Meski komisi pemilihan Iran belum mengumumkan hasilnya, beberapa hasil menunjukkan kandidat loyalis Ayatollah Ali Khamenei mendapat keuntungan.
Oleh
·2 menit baca
Meski komisi pemilihan Iran belum mengumumkan hasilnya, beberapa hasil menunjukkan kandidat loyalis Ayatollah Ali Khamenei mendapat keuntungan. Pemilu legislatif berlangsung di Iran, Jumat (21/2/2020), untuk mengisi 290 kursi. Kementerian Dalam Negeri Iran menyatakan, para kandidat yang berafiliasi dengan Garda Revolusi pimpinan Ali Khamenei memenangi kursi.
Penghitungan tidak resmi oleh Reuters menunjukkan kelompok garis keras (berafiliasi dengan Garda Revolusi) meraih sekitar 178 kursi, kelompok independen 43 kursi, dan tokoh moderat 17 kursi. Di beberapa daerah pemilihan, kandidat yang gagal meraih 20 persen suara pada pemilu Jumat akan kembali berkompetisi pada putaran kedua bulan April.
Kemenangan kelompok garis keras yang loyal terhadap Pemimpin Tertinggi Iran Khamenei mengonfirmasi gagalnya politisi reformis dan moderat di Iran, menyusul keputusan Washington mundur dari Kesepakatan Nuklir 2015. Apalagi, Washington kembali menerapkan sanksi cukup berat yang menyulitkan perekonomian Iran.
Pemilu ini berlangsung di tengah kontroversi setelah Dewan Wali (Guardian Council) mendiskualifikasi sekitar 7.150 calon reformis, termasuk 81 calon yang menjadi anggota parlemen saat ini, menjelang pemilihan.
”Sangat tidak mungkin jika bukan mustahil bagi kelompok reformis untuk dapat memenangi suara lagi atau mendapatkan mayoritas di parlemen baru mengingat tingkat diskualifikasi kandidat mereka yang sangat besar,” kata Roya Hashemi, seorang siswa, kepada Al Jazeera. Hasil sementara menunjukkan, 14 calon yang dekat dengan mantan Presiden Ahmadinejad telah terpilih.

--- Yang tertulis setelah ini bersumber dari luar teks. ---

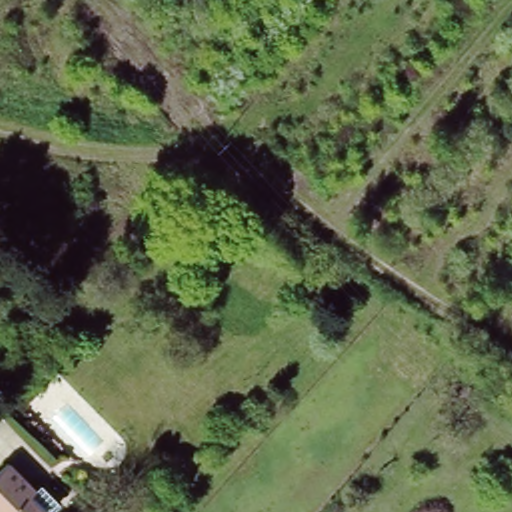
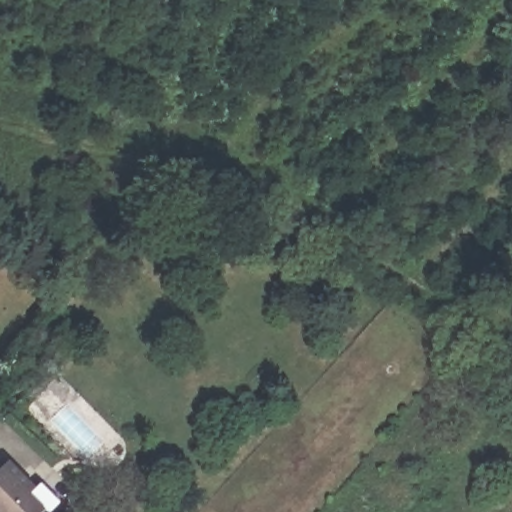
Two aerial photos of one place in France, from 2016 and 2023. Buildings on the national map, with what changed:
unchanged [(27,495),(42,509),(40,512),(0,512),(0,468),(3,464),(32,489),(27,495)]

Jika parlemen dikuasai kelompok garis keras, bisa diartikan Khamenei dapat mengontrol penuh kekuasaan, kecuali lembaga kepresidenan. Parlemen sekarang dikuasai kelompok reformis, sedangkan pemilihan presiden digelar pada 2021 dengan kemungkinan tipis kelompok reformis bisa ikut pemilu presiden.
Bagi Khamenei, dominasi di parlemen sangat penting untuk menghadapi AS, dan beberapa kali unjuk rasa nasional hingga pemerintah menutup saluran internet.
Para pemilih di kota-kota besar tidak puas dengan kinerja baik reformis maupun garis keras.
Pemilu menjadi sarana untuk menyatukan sikap nasional Iran menghadapi ancaman AS dan unjuk rasa itu. Pengamat Timur Tengah dari Universitas Tennesee, Saeid Golkar, menyatakan, para pemilih di kota-kota besar tidak puas dengan kinerja baik reformis maupun garis keras.
”Mereka juga tidak yakin akan ada perubahan melalui pemilihan ini,” kata Golkar, asisten profesor ilmu politik itu.
Perekonomian Iran menghadapi tantangan berat sejak AS kembali memberikan sanksi. Berkali-kali unjuk rasa nasional dilancarkan, tetapi hingga kini tak ada perbaikan berarti, yang membuat warga Iran nyaris putus asa. Apatisme warga harus segera dijawab dan dicarikan jalan keluarnya jika Iran tak ingin terjerembap lebih dalam lagi, baik di bidang ekonomi maupun politik.